Task objective:
Where the data below has the string "Pulmonary", return the whole line.
*** Opening of Records shown ***
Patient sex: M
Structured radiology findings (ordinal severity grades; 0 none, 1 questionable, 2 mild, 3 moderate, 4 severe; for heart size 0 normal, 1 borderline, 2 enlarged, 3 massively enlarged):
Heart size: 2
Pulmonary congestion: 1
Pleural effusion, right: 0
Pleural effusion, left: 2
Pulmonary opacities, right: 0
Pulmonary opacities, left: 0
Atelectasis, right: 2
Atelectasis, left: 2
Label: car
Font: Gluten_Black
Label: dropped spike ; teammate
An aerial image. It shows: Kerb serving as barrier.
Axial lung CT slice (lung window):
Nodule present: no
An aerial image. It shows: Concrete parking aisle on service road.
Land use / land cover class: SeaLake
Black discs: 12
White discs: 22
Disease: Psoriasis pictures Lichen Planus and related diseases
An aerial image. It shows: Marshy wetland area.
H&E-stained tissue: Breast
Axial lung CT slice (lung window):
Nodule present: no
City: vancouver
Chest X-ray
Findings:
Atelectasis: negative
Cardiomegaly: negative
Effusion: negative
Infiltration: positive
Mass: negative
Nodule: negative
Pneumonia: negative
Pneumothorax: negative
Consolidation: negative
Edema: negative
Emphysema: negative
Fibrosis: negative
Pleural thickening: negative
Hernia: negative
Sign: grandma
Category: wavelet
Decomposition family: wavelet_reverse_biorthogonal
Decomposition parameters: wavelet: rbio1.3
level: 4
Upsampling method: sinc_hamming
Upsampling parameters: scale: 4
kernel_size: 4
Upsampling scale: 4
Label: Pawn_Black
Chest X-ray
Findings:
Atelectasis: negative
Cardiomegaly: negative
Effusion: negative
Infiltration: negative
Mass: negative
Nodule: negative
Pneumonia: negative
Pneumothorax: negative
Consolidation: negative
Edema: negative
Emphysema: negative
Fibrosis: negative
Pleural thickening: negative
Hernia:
*** Close of Records shown ***
Answer space:
Pulmonary congestion: 1
Pulmonary opacities, right: 0
Pulmonary opacities, left: 0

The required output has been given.